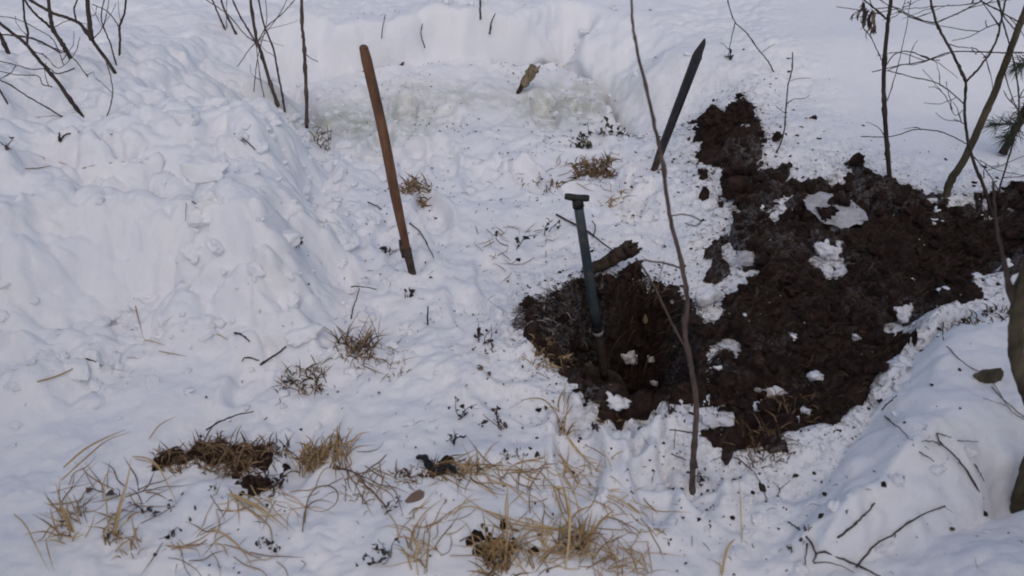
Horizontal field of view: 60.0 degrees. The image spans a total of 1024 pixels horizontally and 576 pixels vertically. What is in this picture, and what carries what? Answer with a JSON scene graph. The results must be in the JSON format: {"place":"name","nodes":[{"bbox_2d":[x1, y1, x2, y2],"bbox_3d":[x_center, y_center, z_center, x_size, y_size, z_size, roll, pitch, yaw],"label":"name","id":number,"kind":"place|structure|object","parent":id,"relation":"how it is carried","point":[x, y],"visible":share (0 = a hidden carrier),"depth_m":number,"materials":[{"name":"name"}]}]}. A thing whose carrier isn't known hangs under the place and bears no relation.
{"place":"outdoors","nodes":[
{"label":"outdoors","id":0,"kind":"place"},
{"bbox_2d":[0,0,1023,575],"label":"snow ground","id":1,"kind":"structure","parent":0,"point":[74,258],"depth_m":2.74,"materials":[{"name":"snow"}]},
{"bbox_2d":[13,513,53,570],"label":"grass stalk","id":2,"kind":"object","parent":1,"relation":"on","point":[34,541],"depth_m":2.00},
{"bbox_2d":[0,0,126,117],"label":"shrub","id":3,"kind":"object","parent":1,"relation":"on","point":[88,33],"visible":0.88,"depth_m":3.23,"materials":[{"name":"brown plant"}]},
{"bbox_2d":[24,479,102,543],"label":"grass tuft","id":4,"kind":"object","parent":1,"relation":"on","point":[68,525],"visible":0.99,"depth_m":2.05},
{"bbox_2d":[61,429,128,480],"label":"grass stalk","id":5,"kind":"object","parent":1,"relation":"on","point":[80,452],"depth_m":2.22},
{"bbox_2d":[49,513,145,559],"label":"grass tuft","id":6,"kind":"object","parent":1,"relation":"on","point":[135,535],"visible":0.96,"depth_m":2.03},
{"bbox_2d":[86,487,119,495],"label":"withered herb","id":7,"kind":"object","parent":1,"relation":"on","point":[109,492],"visible":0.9,"depth_m":2.17,"materials":[{"name":"grey plant"}]},
{"bbox_2d":[86,460,138,551],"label":"grass tuft","id":8,"kind":"object","parent":1,"relation":"on","point":[115,533],"visible":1,"depth_m":2.04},
{"bbox_2d":[37,457,191,541],"bbox_3d":[-0.964,0.494,2.180,0.356,0.039,0.254,-9,36,-12],"label":"grass tuft","id":9,"kind":"object","parent":1,"relation":"on","point":[99,481],"visible":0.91,"depth_m":2.18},
{"bbox_2d":[127,499,174,515],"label":"withered herb","id":10,"kind":"object","parent":1,"relation":"on","point":[155,512],"visible":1,"depth_m":2.12,"materials":[{"name":"grey plant"}]},
{"bbox_2d":[132,456,177,505],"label":"grass stalk","id":11,"kind":"object","parent":1,"relation":"on","point":[154,463],"depth_m":2.22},
{"bbox_2d":[145,440,201,476],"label":"grass tuft","id":12,"kind":"object","parent":1,"relation":"on","point":[164,456],"visible":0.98,"depth_m":2.25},
{"bbox_2d":[142,514,301,575],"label":"grass tuft","id":13,"kind":"object","parent":1,"relation":"on","point":[180,547],"visible":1,"depth_m":2.03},
{"bbox_2d":[173,421,273,481],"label":"grass tuft","id":14,"kind":"object","parent":1,"relation":"on","point":[223,446],"visible":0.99,"depth_m":2.27,"materials":[{"name":"plant"}]},
{"bbox_2d":[211,529,254,570],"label":"grass stalk","id":15,"kind":"object","parent":1,"relation":"on","point":[231,539],"depth_m":2.05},
{"bbox_2d":[207,0,297,111],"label":"shrub","id":16,"kind":"object","parent":1,"relation":"on","point":[256,40],"visible":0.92,"depth_m":3.63,"materials":[{"name":"brown plant"}]},
{"bbox_2d":[226,492,286,528],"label":"grass stalk","id":17,"kind":"object","parent":1,"relation":"on","point":[253,504],"depth_m":2.12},
{"bbox_2d":[193,483,333,553],"bbox_3d":[-0.583,0.538,2.116,0.332,0.033,0.221,0,35,0],"label":"grass tuft","id":18,"kind":"object","parent":1,"relation":"on","point":[243,508],"visible":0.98,"depth_m":2.14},
{"bbox_2d":[241,346,285,365],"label":"twig","id":19,"kind":"object","parent":1,"relation":"on","point":[271,357],"visible":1,"depth_m":2.59,"materials":[{"name":"wood"}]},
{"bbox_2d":[243,462,287,498],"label":"grass tuft","id":20,"kind":"object","parent":1,"relation":"on","point":[270,487],"visible":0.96,"depth_m":2.20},
{"bbox_2d":[240,432,292,471],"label":"grass tuft","id":21,"kind":"object","parent":1,"relation":"on","point":[276,452],"visible":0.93,"depth_m":2.31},
{"bbox_2d":[255,536,280,552],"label":"withered herb","id":22,"kind":"object","parent":1,"relation":"on","point":[267,542],"visible":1,"depth_m":2.05,"materials":[{"name":"grey plant"}]},
{"bbox_2d":[273,350,334,397],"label":"grass tuft","id":23,"kind":"object","parent":1,"relation":"on","point":[305,379],"visible":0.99,"depth_m":2.53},
{"bbox_2d":[300,0,317,128],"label":"sapling","id":24,"kind":"object","parent":1,"relation":"on","point":[306,92],"visible":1,"depth_m":3.52,"materials":[{"name":"brown plant"}]},
{"bbox_2d":[302,465,338,531],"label":"grass stalk","id":25,"kind":"object","parent":1,"relation":"on","point":[304,514],"depth_m":2.11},
{"bbox_2d":[306,126,335,150],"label":"grass tuft","id":26,"kind":"object","parent":1,"relation":"on","point":[322,136],"visible":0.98,"depth_m":3.67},
{"bbox_2d":[279,421,370,479],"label":"grass tuft","id":27,"kind":"object","parent":1,"relation":"on","point":[321,456],"visible":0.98,"depth_m":2.26,"materials":[{"name":"plant"}]},
{"bbox_2d":[321,470,382,505],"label":"grass tuft","id":28,"kind":"object","parent":1,"relation":"on","point":[358,493],"visible":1,"depth_m":2.14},
{"bbox_2d":[301,443,407,514],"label":"grass tuft","id":29,"kind":"object","parent":1,"relation":"on","point":[369,483],"visible":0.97,"depth_m":2.17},
{"bbox_2d":[318,312,393,369],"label":"grass tuft","id":30,"kind":"object","parent":1,"relation":"on","point":[361,342],"visible":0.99,"depth_m":2.61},
{"bbox_2d":[344,331,412,373],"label":"grass tuft","id":31,"kind":"object","parent":1,"relation":"on","point":[373,357],"visible":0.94,"depth_m":2.58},
{"bbox_2d":[152,435,608,561],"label":"bare turf","id":32,"kind":"structure","parent":1,"relation":"on","point":[245,482],"depth_m":2.25,"materials":[{"name":"soil"}]},
{"bbox_2d":[362,538,399,565],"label":"withered herb","id":33,"kind":"object","parent":1,"relation":"on","point":[383,552],"visible":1,"depth_m":1.96,"materials":[{"name":"grey plant"}]},
{"bbox_2d":[359,44,415,274],"bbox_3d":[-0.374,-0.350,2.735,0.037,0.776,0.191,-26,43,-32],"label":"shovel","id":34,"kind":"object","parent":1,"relation":"on","point":[383,135],"visible":0.96,"depth_m":2.70,"materials":[{"name":"brown wood"}]},
{"bbox_2d":[372,350,412,381],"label":"grass tuft","id":35,"kind":"object","parent":1,"relation":"on","point":[393,371],"visible":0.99,"depth_m":2.52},
{"bbox_2d":[405,489,423,502],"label":"fallen leaf","id":36,"kind":"object","parent":1,"relation":"on","point":[416,496],"visible":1,"depth_m":2.09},
{"bbox_2d":[398,172,431,207],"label":"grass tuft","id":37,"kind":"object","parent":1,"relation":"on","point":[408,187],"visible":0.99,"depth_m":3.35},
{"bbox_2d":[382,454,473,490],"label":"grass tuft","id":38,"kind":"object","parent":1,"relation":"on","point":[408,475],"visible":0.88,"depth_m":2.16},
{"bbox_2d":[375,487,490,566],"bbox_3d":[-0.175,0.546,2.041,0.288,0.043,0.208,-5,35,-7],"label":"grass tuft","id":39,"kind":"object","parent":1,"relation":"on","point":[421,507],"visible":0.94,"depth_m":2.03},
{"bbox_2d":[394,497,476,574],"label":"grass tuft","id":40,"kind":"object","parent":1,"relation":"on","point":[415,558],"visible":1,"depth_m":1.95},
{"bbox_2d":[416,454,456,473],"bbox_3d":[-0.194,0.435,2.178,0.130,0.048,0.044,22,41,29],"label":"bark curl","id":41,"kind":"object","parent":1,"relation":"on","point":[428,463],"visible":0.98,"depth_m":2.15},
{"bbox_2d":[446,431,465,444],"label":"withered herb","id":42,"kind":"object","parent":1,"relation":"on","point":[454,439],"visible":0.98,"depth_m":2.27,"materials":[{"name":"grey plant"}]},
{"bbox_2d":[454,397,476,419],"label":"withered herb","id":43,"kind":"object","parent":1,"relation":"on","point":[463,412],"visible":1,"depth_m":2.34,"materials":[{"name":"grey plant"}]},
{"bbox_2d":[453,445,493,478],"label":"grass tuft","id":44,"kind":"object","parent":1,"relation":"on","point":[463,466],"visible":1,"depth_m":2.18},
{"bbox_2d":[474,323,497,343],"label":"withered herb","id":45,"kind":"object","parent":1,"relation":"on","point":[479,334],"visible":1,"depth_m":2.57,"materials":[{"name":"plant"}]},
{"bbox_2d":[481,406,507,430],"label":"withered herb","id":46,"kind":"object","parent":1,"relation":"on","point":[504,424],"visible":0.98,"depth_m":2.33,"materials":[{"name":"grey plant"}]},
{"bbox_2d":[463,492,534,575],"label":"grass tuft","id":47,"kind":"object","parent":1,"relation":"on","point":[504,556],"visible":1,"depth_m":1.96,"materials":[{"name":"plant"}]},
{"bbox_2d":[438,442,563,495],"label":"grass tuft","id":48,"kind":"object","parent":1,"relation":"on","point":[501,469],"visible":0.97,"depth_m":2.18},
{"bbox_2d":[474,223,555,281],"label":"grass tuft","id":49,"kind":"object","parent":1,"relation":"on","point":[507,246],"visible":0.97,"depth_m":3.10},
{"bbox_2d":[494,231,537,248],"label":"withered herb","id":50,"kind":"object","parent":1,"relation":"on","point":[517,238],"visible":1,"depth_m":3.07,"materials":[{"name":"plant"}]},
{"bbox_2d":[453,438,584,513],"bbox_3d":[0.006,0.458,2.179,0.361,0.091,0.272,0,35,0],"label":"grass tuft","id":51,"kind":"object","parent":1,"relation":"on","point":[536,478],"visible":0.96,"depth_m":2.19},
{"bbox_2d":[438,453,610,568],"bbox_3d":[0.057,0.456,2.026,0.424,0.230,0.251,17,39,23],"label":"grass tuft","id":52,"kind":"object","parent":1,"relation":"on","point":[580,529],"visible":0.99,"depth_m":2.02,"materials":[{"name":"plant"}]},
{"bbox_2d":[455,482,596,564],"bbox_3d":[0.055,0.568,2.018,0.261,0.047,0.286,24,42,30],"label":"grass tuft","id":53,"kind":"object","parent":1,"relation":"on","point":[535,536],"visible":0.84,"depth_m":2.03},
{"bbox_2d":[516,64,540,93],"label":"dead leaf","id":54,"kind":"object","parent":1,"relation":"on","point":[531,72],"visible":1,"depth_m":4.02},
{"bbox_2d":[519,334,576,379],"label":"grass tuft","id":55,"kind":"object","parent":1,"relation":"on","point":[540,353],"visible":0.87,"depth_m":2.53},
{"bbox_2d":[542,179,569,194],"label":"grass tuft","id":56,"kind":"object","parent":1,"relation":"on","point":[552,182],"visible":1,"depth_m":3.43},
{"bbox_2d":[511,272,603,366],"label":"frosted roots","id":57,"kind":"object","parent":1,"relation":"on","point":[522,323],"visible":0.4,"depth_m":2.81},
{"bbox_2d":[512,382,602,470],"bbox_3d":[0.160,0.349,2.321,0.137,0.196,0.352,-26,43,-32],"label":"grass tuft","id":58,"kind":"object","parent":1,"relation":"on","point":[562,428],"visible":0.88,"depth_m":2.37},
{"bbox_2d":[545,155,615,194],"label":"grass tuft","id":59,"kind":"object","parent":1,"relation":"on","point":[581,179],"visible":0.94,"depth_m":3.51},
{"bbox_2d":[556,214,612,249],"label":"twig","id":60,"kind":"object","parent":1,"relation":"on","point":[574,224],"visible":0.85,"depth_m":3.14,"materials":[{"name":"wood"}]},
{"bbox_2d":[153,10,1022,575],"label":"plant litter","id":61,"kind":"object","parent":1,"relation":"on","point":[541,358],"visible":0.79,"depth_m":2.57,"materials":[{"name":"brown plant"}]},
{"bbox_2d":[568,116,609,148],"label":"green herb","id":62,"kind":"object","parent":1,"relation":"on","point":[587,145],"visible":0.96,"depth_m":3.73,"materials":[{"name":"green plant"}]},
{"bbox_2d":[561,444,623,492],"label":"grass tuft","id":63,"kind":"object","parent":1,"relation":"on","point":[566,469],"visible":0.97,"depth_m":2.21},
{"bbox_2d":[566,149,620,180],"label":"grass tuft","id":64,"kind":"object","parent":1,"relation":"on","point":[595,170],"visible":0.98,"depth_m":3.53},
{"bbox_2d":[516,520,683,575],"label":"grass tuft","id":65,"kind":"object","parent":1,"relation":"on","point":[552,550],"visible":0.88,"depth_m":1.98,"materials":[{"name":"plant"}]},
{"bbox_2d":[586,509,614,542],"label":"grass stalk","id":66,"kind":"object","parent":1,"relation":"on","point":[597,525],"depth_m":2.01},
{"bbox_2d":[588,384,624,430],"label":"grass tuft","id":67,"kind":"object","parent":1,"relation":"on","point":[603,412],"visible":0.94,"depth_m":2.40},
{"bbox_2d":[582,240,642,273],"bbox_3d":[0.329,-0.098,2.921,0.194,0.135,0.059,0,35,0],"label":"broken log","id":68,"kind":"object","parent":1,"relation":"on","point":[624,251],"visible":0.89,"depth_m":2.90,"materials":[{"name":"brown wood"}]},
{"bbox_2d":[523,277,709,430],"bbox_3d":[0.315,0.301,2.769,0.593,0.542,0.680,0,35,0],"label":"dug pit","id":69,"kind":"object","parent":1,"relation":"on","point":[679,373],"visible":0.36,"depth_m":2.90,"materials":[{"name":"soil"}]},
{"bbox_2d":[564,193,627,393],"bbox_3d":[0.285,0.109,2.838,0.275,0.888,0.036,13,37,17],"label":"spade","id":70,"kind":"object","parent":69,"relation":"in","point":[602,374],"visible":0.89,"depth_m":2.79,"materials":[{"name":"blue paint"}]},
{"bbox_2d":[512,271,703,378],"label":"hanging roots","id":71,"kind":"object","parent":69,"relation":"hanging from","point":[655,297],"visible":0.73,"depth_m":2.87,"materials":[{"name":"plant"}]},
{"bbox_2d":[602,386,631,410],"bbox_3d":[0.276,0.301,2.404,0.096,0.052,0.071,16,38,21],"label":"snow lump","id":72,"kind":"object","parent":69,"relation":"on","point":[617,402],"visible":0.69,"depth_m":2.38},
{"bbox_2d":[621,350,637,364],"bbox_3d":[0.397,0.231,3.021,0.069,0.065,0.055,12,37,17],"label":"snow lump","id":73,"kind":"object","parent":69,"relation":"on","point":[627,358],"visible":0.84,"depth_m":3.00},
{"bbox_2d":[624,259,644,279],"bbox_3d":[0.399,-0.059,2.912,0.055,0.073,0.064,-29,44,-35],"label":"peat knob","id":74,"kind":"object","parent":69,"relation":"attached to","point":[634,268],"visible":0.86,"depth_m":2.89,"materials":[{"name":"soil"}]},
{"bbox_2d":[597,184,636,207],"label":"grass tuft","id":75,"kind":"object","parent":1,"relation":"on","point":[611,199],"visible":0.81,"depth_m":3.32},
{"bbox_2d":[582,534,652,575],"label":"grass tuft","id":76,"kind":"object","parent":1,"relation":"on","point":[623,555],"visible":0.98,"depth_m":1.98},
{"bbox_2d":[580,485,689,558],"bbox_3d":[0.292,0.542,2.096,0.265,0.054,0.249,0,35,0],"label":"grass tuft","id":77,"kind":"object","parent":1,"relation":"on","point":[620,521],"visible":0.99,"depth_m":2.10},
{"bbox_2d":[607,494,666,536],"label":"grass stalk","id":78,"kind":"object","parent":1,"relation":"on","point":[660,531],"depth_m":2.08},
{"bbox_2d":[630,0,701,494],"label":"sapling","id":79,"kind":"object","parent":1,"relation":"on","point":[693,464],"visible":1,"depth_m":1.95,"materials":[{"name":"brown plant"}]},
{"bbox_2d":[661,395,674,417],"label":"withered herb","id":80,"kind":"object","parent":1,"relation":"on","point":[669,408],"visible":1,"depth_m":2.35,"materials":[{"name":"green plant"}]},
{"bbox_2d":[651,38,705,171],"bbox_3d":[0.620,-0.658,3.376,0.184,0.576,0.040,-12,37,-16],"label":"iron bar","id":81,"kind":"object","parent":1,"relation":"on","point":[692,68],"visible":0.78,"depth_m":3.34,"materials":[{"name":"metal"}]},
{"bbox_2d":[693,283,722,306],"bbox_3d":[0.620,0.030,2.812,0.091,0.072,0.059,-23,41,-29],"label":"snow lump","id":82,"kind":"object","parent":1,"relation":"on","point":[708,294],"visible":1,"depth_m":2.79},
{"bbox_2d":[702,414,718,428],"bbox_3d":[0.517,0.353,2.323,0.043,0.041,0.032,23,41,29],"label":"snow lump","id":83,"kind":"object","parent":1,"relation":"on","point":[709,420],"visible":0.94,"depth_m":2.32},
{"bbox_2d":[719,539,734,575],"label":"grass stalk","id":84,"kind":"object","parent":1,"relation":"on","point":[724,557],"depth_m":1.99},
{"bbox_2d":[721,175,752,200],"bbox_3d":[0.817,-0.363,3.198,0.115,0.107,0.075,24,42,30],"label":"soil clod","id":85,"kind":"object","parent":1,"relation":"on","point":[733,187],"visible":0.8,"depth_m":3.17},
{"bbox_2d":[713,456,767,499],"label":"twig","id":86,"kind":"object","parent":1,"relation":"on","point":[750,469],"visible":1,"depth_m":2.21,"materials":[{"name":"wood"}]},
{"bbox_2d":[688,95,799,214],"bbox_3d":[0.904,-0.501,3.406,0.446,0.253,0.866,0,35,0],"label":"soil patch","id":87,"kind":"object","parent":1,"relation":"on","point":[706,156],"visible":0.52,"depth_m":3.32,"materials":[{"name":"soil"}]},
{"bbox_2d":[737,250,754,265],"bbox_3d":[0.782,-0.098,2.910,0.088,0.046,0.082,0,35,0],"label":"snow slab","id":88,"kind":"object","parent":1,"relation":"on","point":[745,257],"depth_m":2.89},
{"bbox_2d":[721,0,774,71],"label":"bare twig","id":89,"kind":"object","parent":1,"relation":"on","point":[749,37],"visible":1,"depth_m":3.69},
{"bbox_2d":[724,410,803,470],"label":"grass tuft","id":90,"kind":"object","parent":1,"relation":"on","point":[760,443],"visible":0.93,"depth_m":2.23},
{"bbox_2d":[512,9,1023,559],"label":"soil crumbs","id":91,"kind":"object","parent":1,"relation":"on","point":[974,183],"visible":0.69,"depth_m":2.67,"materials":[{"name":"soil"}]},
{"bbox_2d":[519,93,1023,449],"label":"peat clods","id":92,"kind":"object","parent":1,"relation":"on","point":[723,386],"visible":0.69,"depth_m":2.74,"materials":[{"name":"soil"}]},
{"bbox_2d":[528,90,1023,464],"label":"peat roots","id":93,"kind":"object","parent":1,"relation":"on","point":[879,234],"visible":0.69,"depth_m":2.75,"materials":[{"name":"soil"}]},
{"bbox_2d":[772,131,782,141],"bbox_3d":[1.012,-0.578,3.380,0.042,0.048,0.048,0,35,0],"label":"soil clod","id":94,"kind":"object","parent":1,"relation":"on","point":[776,136],"visible":0.99,"depth_m":3.37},
{"bbox_2d":[775,52,808,152],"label":"dead weed","id":95,"kind":"object","parent":1,"relation":"on","point":[787,103],"visible":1,"depth_m":3.21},
{"bbox_2d":[787,521,879,575],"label":"twig","id":96,"kind":"object","parent":1,"relation":"on","point":[826,552],"visible":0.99,"depth_m":1.95,"materials":[{"name":"brown plant"}]},
{"bbox_2d":[837,503,874,537],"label":"twig","id":97,"kind":"object","parent":1,"relation":"on","point":[853,525],"visible":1,"depth_m":1.93,"materials":[{"name":"wood"}]},
{"bbox_2d":[690,160,1023,465],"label":"soil heap","id":98,"kind":"object","parent":1,"relation":"on","point":[716,271],"visible":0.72,"depth_m":2.71,"materials":[{"name":"soil"}]},
{"bbox_2d":[760,385,823,422],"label":"grass tuft","id":99,"kind":"object","parent":98,"relation":"on","point":[772,395],"visible":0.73,"depth_m":2.34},
{"bbox_2d":[806,370,823,380],"bbox_3d":[0.828,0.241,2.417,0.048,0.038,0.042,-13,37,-18],"label":"snow lump","id":100,"kind":"object","parent":98,"relation":"on","point":[814,375],"visible":1,"depth_m":2.40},
{"bbox_2d":[812,238,843,260],"bbox_3d":[1.032,-0.122,2.889,0.104,0.062,0.086,0,35,0],"label":"snow lump","id":101,"kind":"object","parent":98,"relation":"on","point":[825,251],"visible":0.99,"depth_m":2.87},
{"bbox_2d":[803,191,867,228],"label":"snow slab","id":102,"kind":"structure","parent":98,"relation":"on","point":[847,217],"depth_m":3.00,"materials":[{"name":"snow"}]},
{"bbox_2d":[848,152,865,167],"bbox_3d":[1.237,-0.459,3.177,0.055,0.064,0.044,-14,37,-19],"label":"soil clod","id":103,"kind":"object","parent":98,"relation":"on","point":[856,160],"visible":1,"depth_m":3.17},
{"bbox_2d":[893,303,913,323],"bbox_3d":[1.171,0.081,2.646,0.060,0.056,0.059,0,35,0],"label":"snow lump","id":104,"kind":"object","parent":98,"relation":"on","point":[903,314],"visible":0.99,"depth_m":2.64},
{"bbox_2d":[942,2,1023,197],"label":"young tree","id":105,"kind":"object","parent":98,"relation":"on","point":[964,158],"visible":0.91,"depth_m":2.85,"materials":[{"name":"brown plant"}]},
{"bbox_2d":[997,0,1023,192],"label":"sapling","id":106,"kind":"object","parent":98,"relation":"on","point":[1016,125],"visible":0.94,"depth_m":2.81,"materials":[{"name":"brown plant"}]},
{"bbox_2d":[878,360,889,372],"bbox_3d":[0.988,0.210,2.357,0.036,0.032,0.023,0,35,0],"label":"soil clod","id":107,"kind":"object","parent":1,"relation":"on","point":[884,364],"visible":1,"depth_m":2.35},
{"bbox_2d":[839,0,955,175],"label":"sapling","id":108,"kind":"object","parent":1,"relation":"on","point":[884,62],"visible":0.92,"depth_m":2.88,"materials":[{"name":"brown plant"}]},
{"bbox_2d":[855,506,945,567],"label":"twig","id":109,"kind":"object","parent":1,"relation":"on","point":[879,541],"visible":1,"depth_m":1.94,"materials":[{"name":"wood"}]},
{"bbox_2d":[850,0,1023,217],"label":"sapling","id":110,"kind":"object","parent":1,"relation":"on","point":[978,174],"visible":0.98,"depth_m":2.74,"materials":[{"name":"brown plant"}]},
{"bbox_2d":[922,433,983,498],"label":"twig","id":111,"kind":"object","parent":1,"relation":"on","point":[962,465],"visible":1,"depth_m":2.02,"materials":[{"name":"wood"}]},
{"bbox_2d":[941,302,1008,330],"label":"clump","id":112,"kind":"object","parent":1,"relation":"on","point":[964,319],"visible":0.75,"depth_m":2.42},
{"bbox_2d":[942,322,1023,419],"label":"twig","id":113,"kind":"object","parent":1,"relation":"on","point":[974,369],"visible":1,"depth_m":2.23,"materials":[{"name":"wood"}]},
{"bbox_2d":[973,368,1003,383],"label":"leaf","id":114,"kind":"object","parent":1,"relation":"on","point":[994,375],"visible":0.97,"depth_m":2.19,"materials":[{"name":"brown plant"}]},
{"bbox_2d":[983,45,1023,155],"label":"pine branch","id":115,"kind":"object","parent":1,"relation":"on","point":[1007,143],"visible":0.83,"depth_m":3.22,"materials":[{"name":"plant"}]},
{"bbox_2d":[991,181,1023,513],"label":"young tree","id":116,"kind":"object","parent":1,"relation":"on","point":[1015,338],"visible":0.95,"depth_m":1.83,"materials":[{"name":"brown plant"}]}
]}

PROBLEM DESCRIPTION:
Each line in the data where the string "stalk" occurs should be identified and copied.

RESULT FOR THIS EXERCISE:
{"bbox_2d":[13,513,53,570],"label":"grass stalk","id":2,"kind":"object","parent":1,"relation":"on","point":[34,541],"depth_m":2.00},
{"bbox_2d":[61,429,128,480],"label":"grass stalk","id":5,"kind":"object","parent":1,"relation":"on","point":[80,452],"depth_m":2.22},
{"bbox_2d":[132,456,177,505],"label":"grass stalk","id":11,"kind":"object","parent":1,"relation":"on","point":[154,463],"depth_m":2.22},
{"bbox_2d":[211,529,254,570],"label":"grass stalk","id":15,"kind":"object","parent":1,"relation":"on","point":[231,539],"depth_m":2.05},
{"bbox_2d":[226,492,286,528],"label":"grass stalk","id":17,"kind":"object","parent":1,"relation":"on","point":[253,504],"depth_m":2.12},
{"bbox_2d":[302,465,338,531],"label":"grass stalk","id":25,"kind":"object","parent":1,"relation":"on","point":[304,514],"depth_m":2.11},
{"bbox_2d":[586,509,614,542],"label":"grass stalk","id":66,"kind":"object","parent":1,"relation":"on","point":[597,525],"depth_m":2.01},
{"bbox_2d":[607,494,666,536],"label":"grass stalk","id":78,"kind":"object","parent":1,"relation":"on","point":[660,531],"depth_m":2.08},
{"bbox_2d":[719,539,734,575],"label":"grass stalk","id":84,"kind":"object","parent":1,"relation":"on","point":[724,557],"depth_m":1.99},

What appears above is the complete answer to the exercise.